EXIT of the Day: EXIT 13N in CT I-95n to; Post Road, Norwalk, Darien in CT
Once a trail for Native Americans, The Boston Post Road is part of ancient mail-delivery route between New York City north to Boston, Massachusetts. While intermittently called the King’s Highway, the current Route 1 is signed predominantly as the Post Road and it runs along and at times under Interstate 95. The Post Road was for 200 years the first major road in the United States — but its roots go back to a time many thousands of years ago.
Even in pre-colonial times 400 years ago, speed of correspondence was an important priority. Many Native Americans' Trails which tended to be the straightest line between two points, laid the way for huge Interstates like the I-95 North from Florida to Maine or the I-80 West from the George Washington Bridge in Jersey all the way out to San Francisco, California.
Between New York City and Boston there are actually 3 Post Roads. The so-called Lower Boston Post Road runs along the coast from New York to Boston via Providence. Some portions were originally called the Pequot Indians’ Path.
The trail had been in use by Native Americans long before Europeans arrived. Some of these important native trails were in many places as narrow as two feet. Even more telling, due to the popularity of its pre-European use, it was single rutted at places to a depth of 2 feet or more.
Prior to being used by Native Americans, many trails were game paths. Such game trails go back to times before history. So very likely, long extinct animals like Ice Age Mammoths and Saber-tooth tigers walked here along the edge of a glacier literally one thousand feet high.
Quick "Fast Fact": with all the seawater frozen up in glaciers the coastline of Connecticut was about 150 miles further east along what today fishermen know as the drop or the continental shelf. So you would not see Long Island Sound along I-95 as it is today. We would be well inland.
Fast Forward to July 1775. The usual old saw about “George Washington slept here” is true all along the Old Post Road. He galloped up it to aid the Bostonians fight off the British and then galloped back south to do the same at New York City and Trenton New Jersey. In fact Washington crossed and re-crossed your path maybe 100 times between here and Boston or New York! Talk about crossing paths with history!

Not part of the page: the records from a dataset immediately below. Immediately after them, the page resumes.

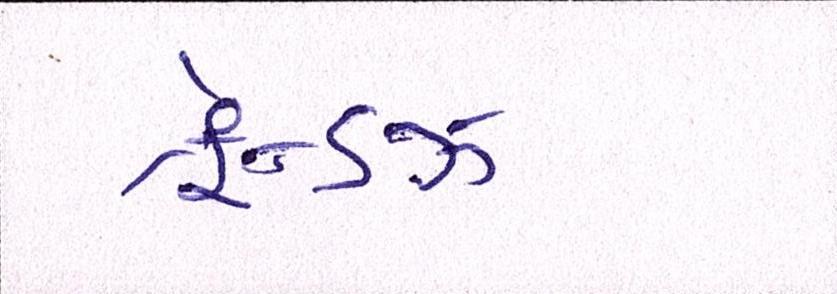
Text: ફ્રેન્ડ્સ
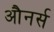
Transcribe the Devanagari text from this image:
औनर्स
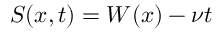
S ( x , t ) = W ( x ) - \nu t
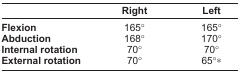
|  | Right | Left |
 | --- | --- | --- |
 | Flexion | 165° | 165° |
 | Abduction | 168° | 170° |
 | Internal rotation | 70° | 70° |
 | External rotation | 70° | 65°* |
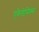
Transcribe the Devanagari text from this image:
एकैडेमिक्स
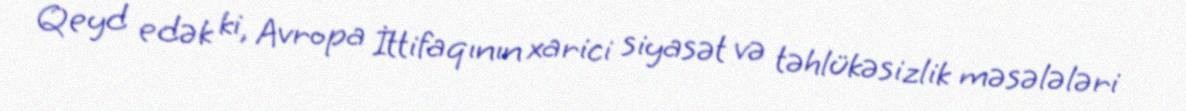
Qeyd edək ki, Avropa İttifaqının xarici siyasət və təhlükəsizlik məsələləri
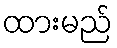
ထားမည်
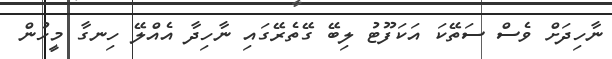
ނާހިދަށް ވެސް ސަތޭކަ އަކަފޫޓު ލިބޭ ގޭތެރޭގައި ނާހިދާ އެއްލޭ ހިނގާ މީހުން
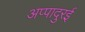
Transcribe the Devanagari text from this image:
अप्पादुरई
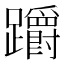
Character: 𨇺
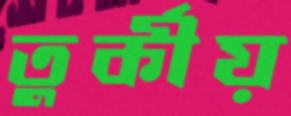
তুর্কীয়
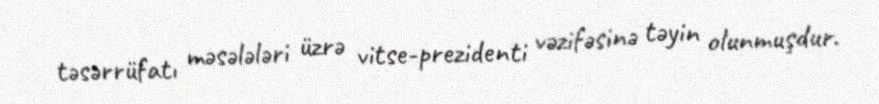
təsərrüfatı məsələləri üzrə vitse-prezidenti vəzifəsinə təyin olunmuşdur.
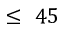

The Post Road is famous for carved rock milestones that date from 1734. Many of these mile distant milestones survive to this day. There are several in the neighboring towns of Darien, Westport, and upcoming Fairfield. Ben Franklin was said to originate the idea for these stone carvings set precisely one mile apart. Milestones were measured from the intersection of Broadway, NYC and Wall Street, New York (one block west of Federal Hall) and from the old Boston city-line on Washington Street, near the present-day Massachusetts Turnpike.

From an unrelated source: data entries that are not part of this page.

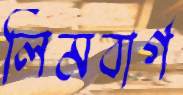
লিমবার্গ
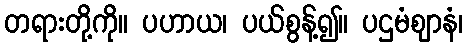
တရားတို့ကို။ ပဟာယ၊ ပယ်စွန့်၍။ ပဌမံဈာနံ၊
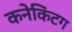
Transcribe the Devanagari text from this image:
कनेकिंटग
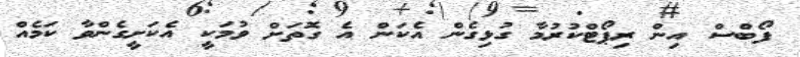
ފޯބްސް އިން ރިޕޯޓްކުރުމާ ގުޅިގެން އެކަން އެ ގޮތަށް ވުމަކީ އެކަށީގެންވާ ކަމެއް

Ben Franklin was the first Postmaster General. Franklin who lived from 1706 to 1790, created many aspects of today’s mail system. Some of Old Ben's contributions were to standardize postage rates as well as to promote regular service to civilians. More urgently, he created relays of correspondence to the Continental Army from the Congress during the Revolutionary War -- perhaps the first Priority Mail Express Service.

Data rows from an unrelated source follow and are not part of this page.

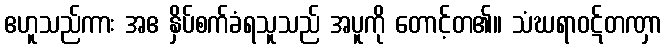
ဧဟူသည်ကား အဧ နှိပ်စက်ခံရသူသည် အပူကို တောင့်တ၏။ သံဃရာဝဋ်တဏှာ
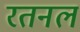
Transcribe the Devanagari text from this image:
रतनल
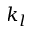
k _ { l }
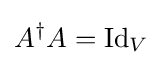
A^{\dagger }A=\operatorname {Id} _{V}

Building onto the existing King's Roads, Franklin set up new, more efficient routes including creating Post Roads which cut delivery time in half between Philadelphia, Pennsylvania and New York. Like the Pony Express 90 years later, his mail wagons travelled both day and night via relay teams. Finally, until Franklin came along, there were no post offices nor home delivery. Mail was typically left at your local tavern!
Final thought: given the historical importance of taverns in mail delivery, maybe if the mailman today delivered booze along with our bills, we would use the U.S. Mail more often!